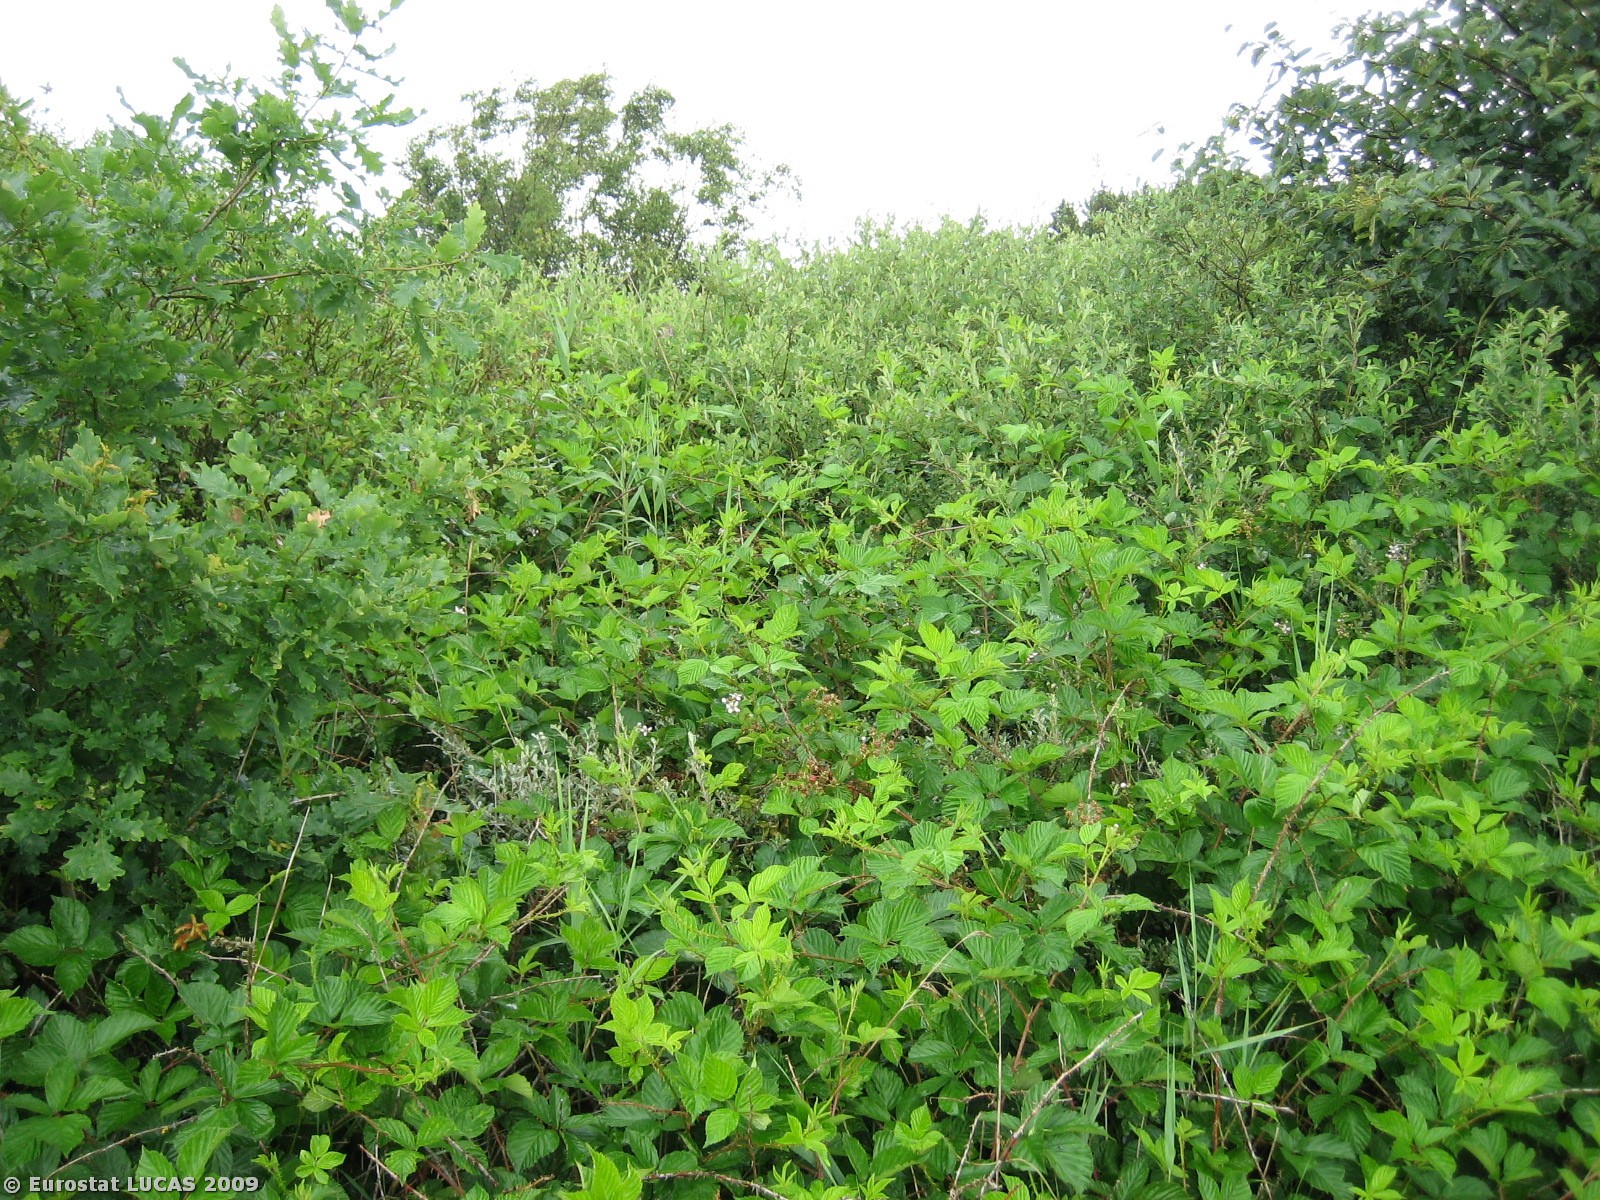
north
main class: Shrubland
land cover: Shrubland with sparse tree cover
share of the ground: > 75 %
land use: Unused
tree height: > 5 m
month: July
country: DK
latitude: 55.6906
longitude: 8.2676
________________________
_The task_
Every record above needs to be repeated exactly; pictures are to be left out.

_Output below_
north
main class: Shrubland
land cover: Shrubland with sparse tree cover
share of the ground: > 75 %
land use: Unused
tree height: > 5 m
month: July
country: DK
latitude: 55.6906
longitude: 8.2676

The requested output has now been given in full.